Storm Over Asia

Bruce Loeb on Piano (Potomok Chingis-Khan/The Heir to Genghis-Khan). The last film in V. I. Pudovkin's "crisis of conscience" trilogy (with Mother and The End of St. Petersburg), Storm Over Asia is an epic, at once heroic and ironic, of an exploited Mongolian hunter who eventually rises to rout out the occupying British forces. Joining the partisans after being cheated by an English fur trader, young Bair is captured and executed...almost. When an amulet identifying him as a descendent of Genghis-Khan is found among his effects, he is hastily patched up and installed as a puppet king. During a party of foreign society notables, the King becomes revolted (an image out of Surrealism's canon), and instigates an uprising-the storm over Asia.

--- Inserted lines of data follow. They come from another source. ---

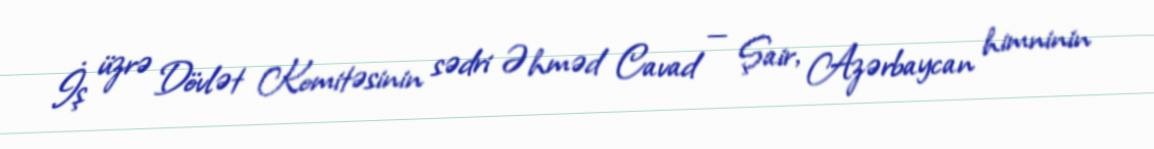
İş üzrə Dövlət Komitəsinin sədri Əhməd Cavad — Şair, Azərbaycan himninin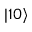
| 1 0 \rangle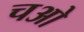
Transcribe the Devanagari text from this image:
चओ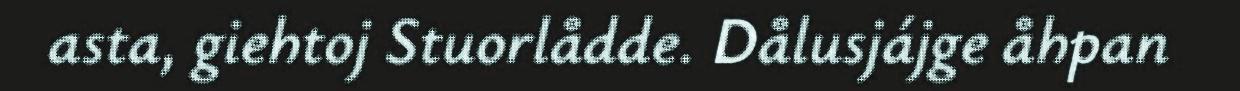
asta, giehtoj Stuorlådde. Dålusjájge åhpan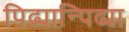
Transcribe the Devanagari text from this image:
पिढ्यान्पिढ्या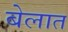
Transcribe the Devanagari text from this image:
बेलात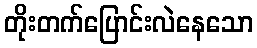
တိုးတက်ပြောင်းလဲနေသော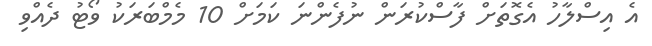
އެ އިސްލާހު އެގޮތަށް ފާސްކުރަން ނުފެންނަ ކަމަށް 10 މެމްބަރަކު ވޯޓު ދެއްވި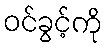
ဝင်ခွင့်ကို
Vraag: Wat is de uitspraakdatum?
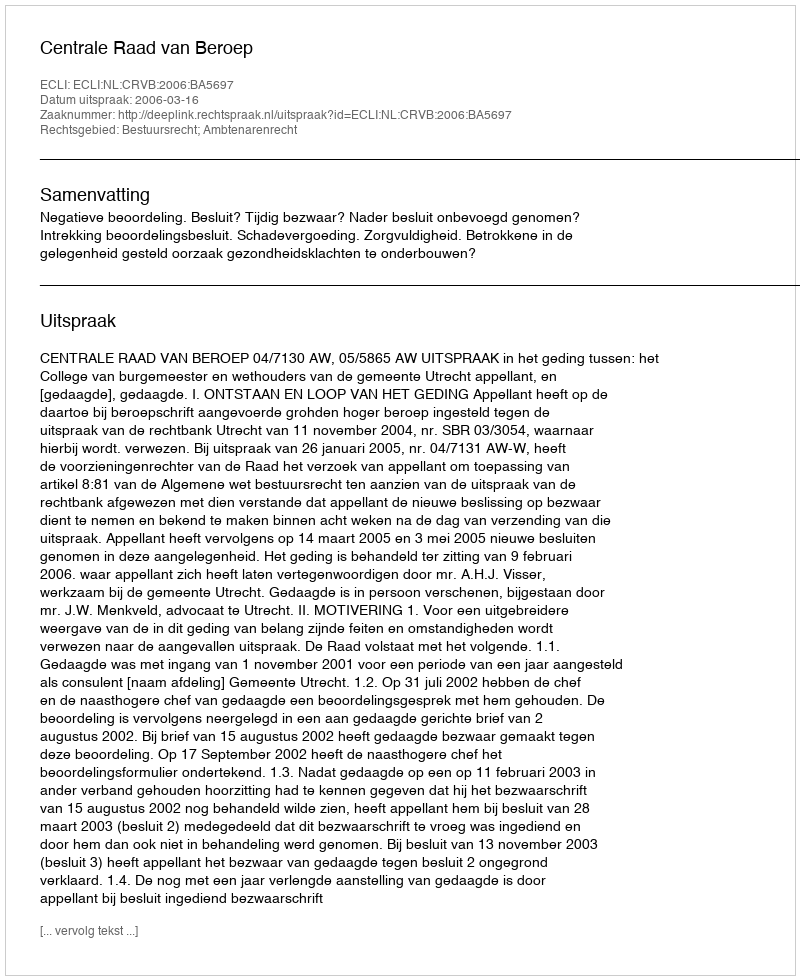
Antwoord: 2006-03-16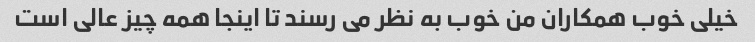
خیلی خوب همکاران من خوب به نظر می رسند تا اینجا همه چیز عالی است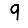
Digit: 9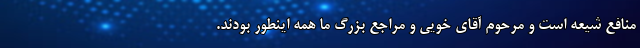
منافع شیعه است و مرحوم آقای خویی و مراجع بزرگ ما همه اینطور بودند.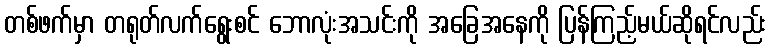
တစ်ဖက်မှာ တရုတ်လက်ရွေးစင် ဘောလုံးအသင်းကို အခြေအနေကို ပြန်ကြည့်မယ်ဆိုရင်လည်း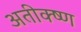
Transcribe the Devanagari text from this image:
अतीक्ष्ण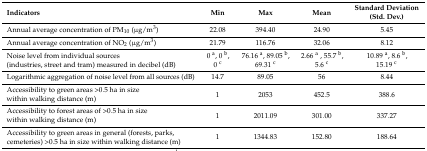
| Indicators | Min | Max | Mean | Standard Deviation (Std. Dev.) |
 | --- | --- | --- | --- | --- |
 | Annual average concentration of PM10 (μg/m3) | 22.08 | 394.40 | 24.90 | 5.45 |
 | Annual average concentration of NO2 (μg/m3) | 21.79 | 116.76 | 32.06 | 8.12 |
 | Noise level from individual sources (industries, street and tram) measured in decibel (dB) | 0 a, 0 b, 0 c | 76.16 a, 89.05 b, 69.31 c | 2.66 a , 55.7 b, 5.6 c | 10.89 a, 8.6 b, 15.19 c |
 | Logarithmic aggregation of noise level from all sources (dB) | 14.7 | 89.05 | 56 | 8.44 |
 | Accessibility to green areas >0.5 ha in size within walking distance (m) | 1 | 2053 | 452.5 | 388.6 |
 | Accessibility to forest areas of >0.5 ha in size within walking distance (m) | 1 | 2011.09 | 301.00 | 337.27 |
 | Accessibility to green areas in general (forests, parks, cemeteries) >0.5 ha in size within walking distance (m) | 1 | 1344.83 | 152.80 | 188.64 |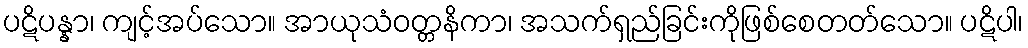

The Surrealists recognized in the film the central conflict between colonizer and colonized. "Storm Over Asia is the film of the destiny of the Occident, although its action takes place in the heart of Asia, on the plateaus of Tibet" (Robert Desnos). Moreover, there was much for them to appreciate in Pudovkin's lyrical/psychological montage style, culminating in the over-the-top storm scene containing "all the dust and debris that Pudovkin could imagine...But how else was Pudovkin to end a film subject whose attraction for him had been its fable and exotic imagery, except by hyperbole?" (Jay Leyda, Kino). Nor would the interventionist general's visit to the Grand Lama, who turns out to be a baby, have escaped the Surrealists' sense of marvelous absurdity.